The Kurume Medical Journal
Online ISSN : 1881-2090
Print ISSN : 0023-5679
ISSN-L : 0023-5679
Original Contribution
Comparison of Leukotriene Receptor Antagonists and Anti-Histamines as an Add-On Therapy in Patients with Asthma Complicated by Allergic Rhinitis
ジャーナル フリー

2011 年 58 巻 1 号 p. 9-14


Patients with asthma are often complicated by allergic rhinitis, and the intimate pathophysiological association between allergic rhinitis and asthma often imposes a significant morbidity on affected individuals. The present study was conducted to assess the clinical efficacies of leukotriene receptor antagonists (LTRAs) and anti-histamines on asthma as an add-on therapy in patients with asthma complicated by allergic rhinitis. Consecutive patients with asthma were recruited to fill in systematic self-administered questionnaires concerning symptoms and conditions related to asthma and allergic rhinitis.
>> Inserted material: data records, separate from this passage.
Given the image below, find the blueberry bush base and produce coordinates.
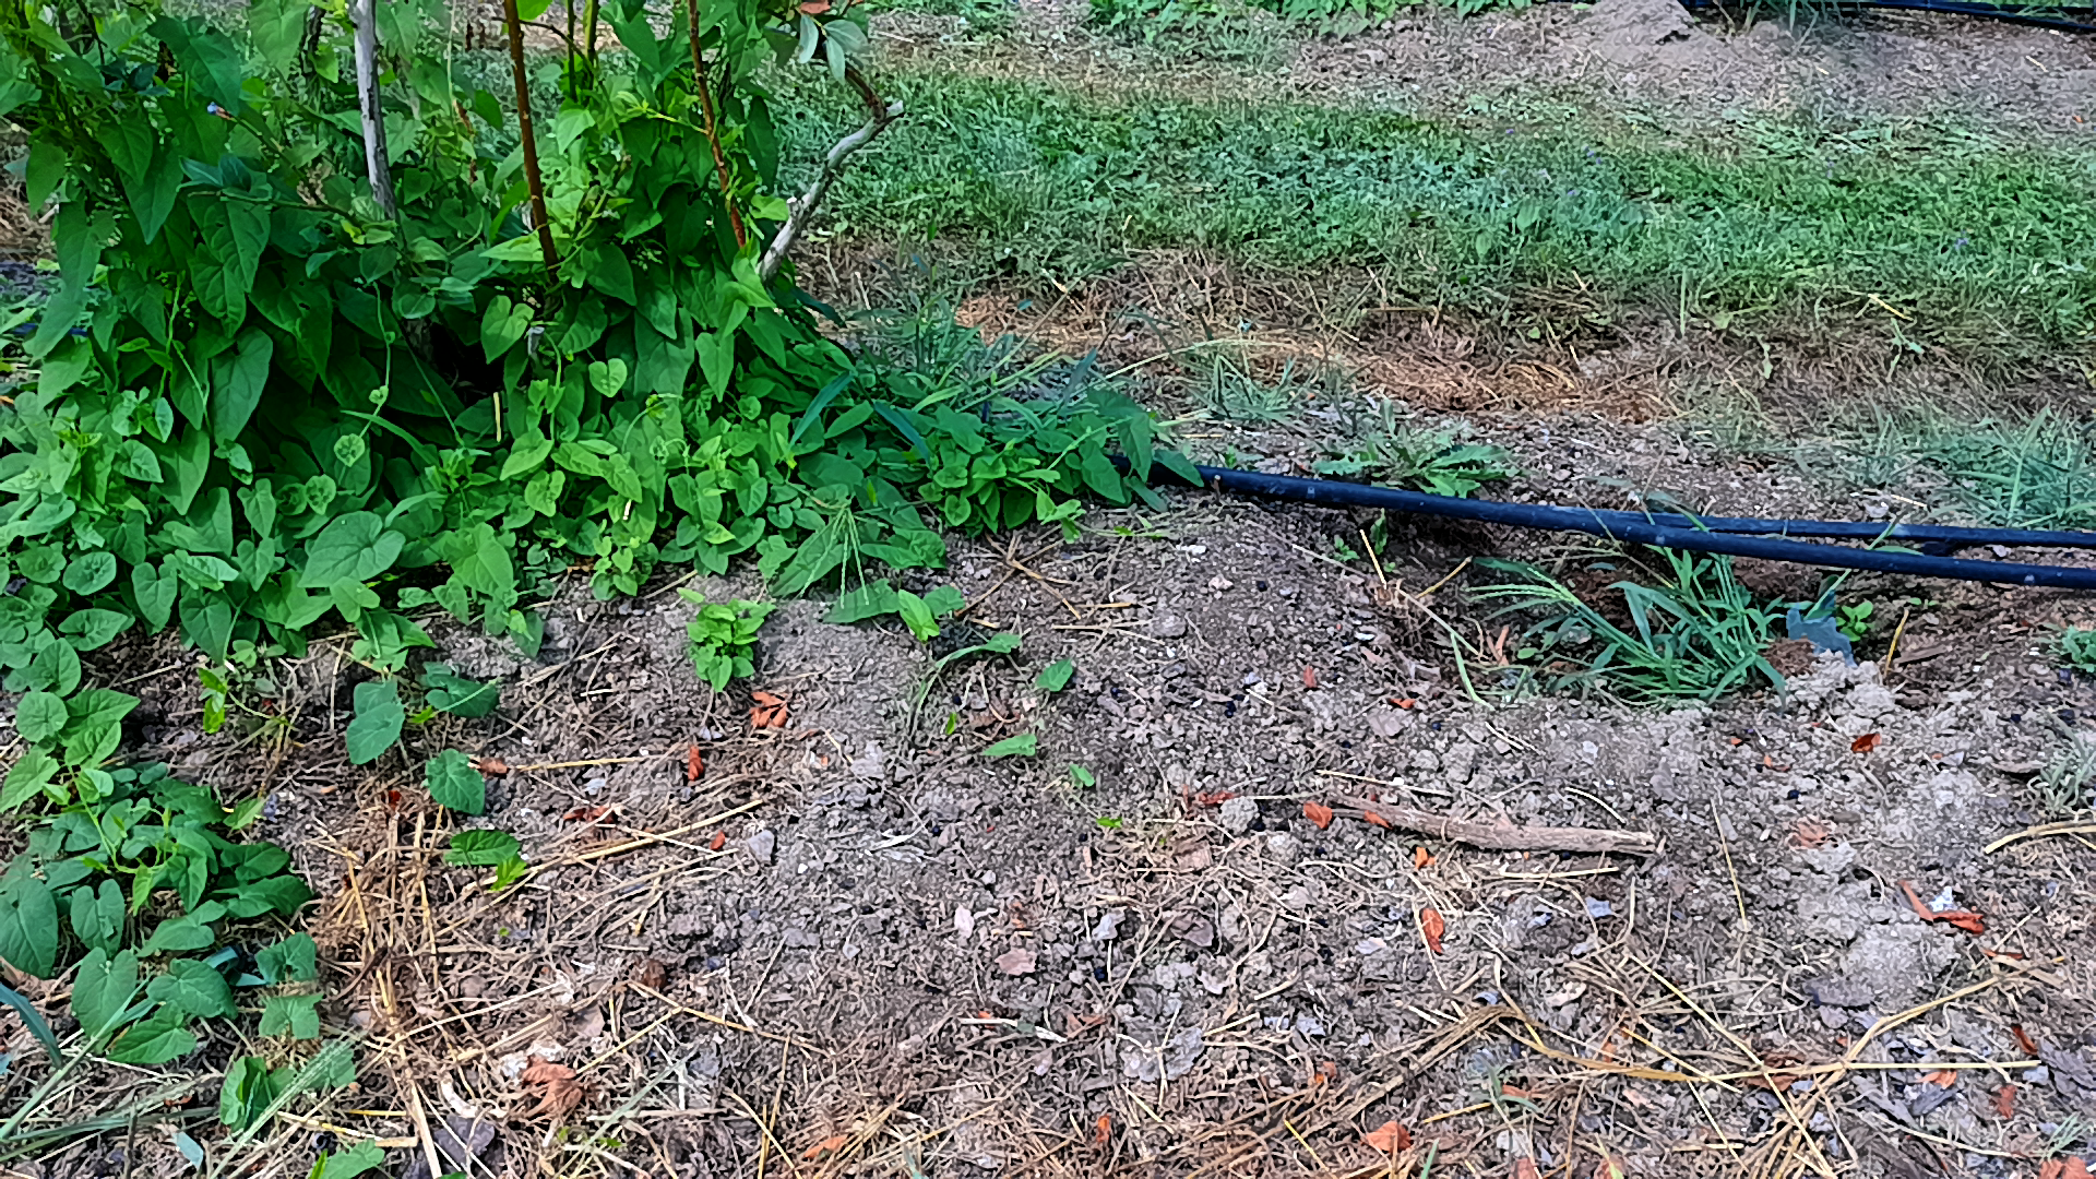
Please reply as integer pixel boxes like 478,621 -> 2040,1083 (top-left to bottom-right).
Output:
27,111 -> 846,491
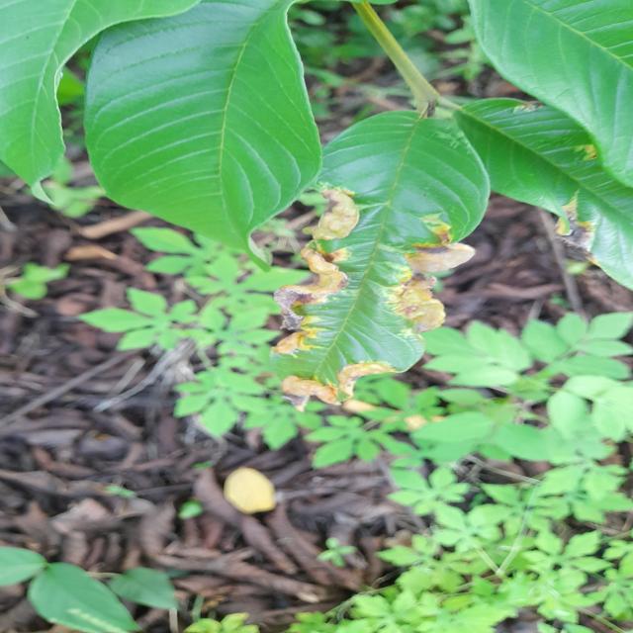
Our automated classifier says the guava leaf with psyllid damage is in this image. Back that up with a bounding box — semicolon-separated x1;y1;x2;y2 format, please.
272;103;508;435
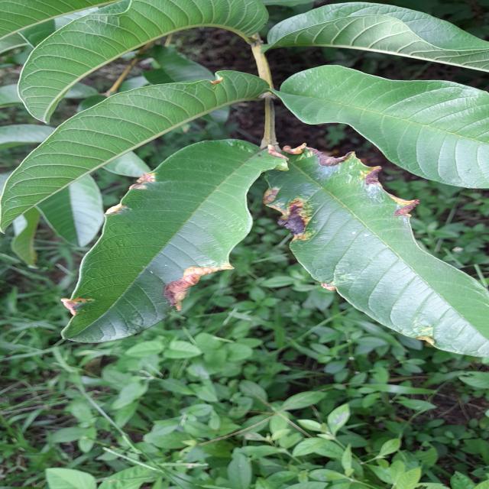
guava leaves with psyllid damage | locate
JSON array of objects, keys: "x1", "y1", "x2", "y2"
[
  {"x1": 267, "y1": 140, "x2": 489, "y2": 364},
  {"x1": 41, "y1": 142, "x2": 289, "y2": 368}
]
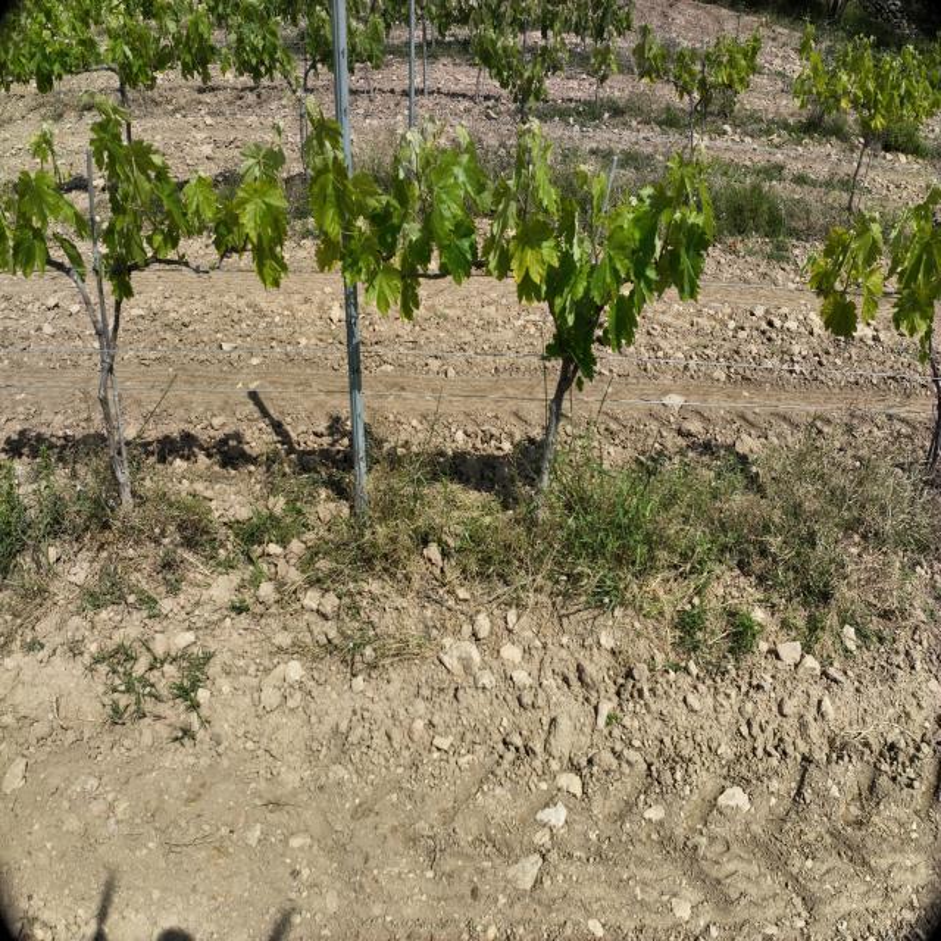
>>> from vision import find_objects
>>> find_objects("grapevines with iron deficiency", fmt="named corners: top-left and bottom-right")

The questionnaire was conducted twice, one month apart, and the attending physicians gave detailed information on disease control and medications on both occasions. In the study 3,140 patients with asthma participated, and 634 had concomitant allergic rhinitis (mean age: 53.1, 389 female). The second survey disclosed that treatment with LTRAs or anti-histamines had been added in 26 patients and 19 patients, respectively, without any changes in other medications. There were no significant differences in age, gender, severity of disease, or baseline treatments. The initial survey indicated that the patients who were treated with LTRAs had significantly more severe asthma-related symptoms (i.e. wheeze, cough and sleep disturbance) and experienced greater dissatisfaction with the treatment than did those who were treated with anti-histamines. The second survey disclosed significant reductions in sneezing (p=0.03), rhinorrhea (p=0.01), dyspnea (p=0.046), sleep disturbance (p=0.02), over-all asthma symptoms (p=0.013), and an improvement in satisfaction with treatment (p=0.019) in patients to whom LTRAs were added-on, whereas the patients receiving anti-histamines reported no significant changes in these symptoms. These results suggest that LTRAs are more effective than anti-histamines as an add-on therapy in symptomatic patients with asthma complicated by allergic rhinitis.